Interestingly, this note was not included in the final report (January 2023); the bolded data disappeared and the tables were recalculated to show drinks per week rather than grams of alcohol (that was wise because most people can’t calculate grams of alcohol in their heads). It also expanded the number of drinks in the columns to 1-7, 14, 21 and 35 (man, that’s a lot of booze) which could be a distortion but I’ll ignore it for now.

I don’t know if this means that this no longer represents “significant estimates” but I doubt it. I’m guessing the note caused confusion and was removed.

In the final report they also got rid of the death ratios and rearranged the illnesses. Rather than placing at the top something for which alcohol was protective (ischemic heart disease) and which is responsible for more deaths than any other single condition in the list, they put it in the middle and removed the information that shows how big a deal it is. Again: more people die of heart disease than any other single condition on that table, and alcohol by the CCSA’s own data, is protective at moderate levels.

So that is one thing to consider. The other thing is the appearance, finally, of limitations to the report.

The limitations to the report should be read carefully. They run a page and a half, and really should give anyone pause before enthusiastically adapting the guidance as “fact.” What is interesting to me is how the CCSA presents limitations then uses some softening language to try to get out of a bind.

For example (p46):

This is the key limitation: there are confounding variables that are not considered.

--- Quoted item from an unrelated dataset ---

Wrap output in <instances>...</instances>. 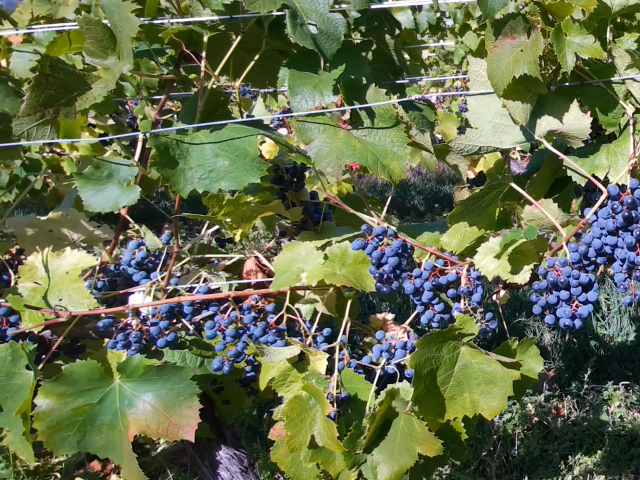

Whereas they think of variables like age and sex (standard demographic considerations and important), when considering something that is often done in a social context for relaxation, there are also variables that are more difficult to calculate, like social connectedness, happiness, relaxation, stress relief, etc. But the important thing about this limitation is that it is a really big deal, and just mentioned as an aside.

(The “softening language” follows the “however” at the bottom: it says don’t worry about this [very important] limitation, because it’s probably not a problem. Trust me.”)

Second example, (p47):

This is a HUGE qualifier to put into a limitations statement. I’m glad they did.

The results do not “account for risk and protective factors at the community, familial or individual levels” (emph mine)?

Two things: first, I applaud them for recognizing there may be protective factors; up to this point protective factors of drinking were argued away.

Second: “Community, familial, or individual levels”? What other levels are there? Well, the population level. So the outcome of drinking is expressed as an average: If I drink 5 drinks a week and someone else drinks 50 drinks a week, we average to 27.5 drinks a week. We both become, on average, heavy drinkers. Mathematics made me into a drunk.

Another limitation, that needs some attention: (p47)

So much going on here. First “health conditions that result in death” suggests that death is avoidable. All states of being result in death. I think. Correct me if I’m wrong here. (I think they mean premature death).

Second, this is another great illustration of how some researchers look at drinking and see only a problem. They say “Future alcohol guidelines should aim to incorporate other social issues” and then gives a list of negative social issues. Yet again, the researchers are dismissing protective factors and the potential positive value drink can provide in life. If you assume drinking is just bad, then this paragraph makes sense. I do not, and it does not.

I’m sure that the CCSA would disagree with this assessment. My point here is to indicate notable areas of weakness that should cause people – including governments and public health agencies – to question the guidance.. As so much of what I have said already has indicated, taking drinking out of its social context, running analyses that do not recognize social factors that cannot be broken into statistical bits (as you can do with age, sex, etc), and then making big conclusions that is based on averages, is deeply problematic. The resulting distortions serves a (say it with me) neo-temperance agenda, and can cause more harm than good.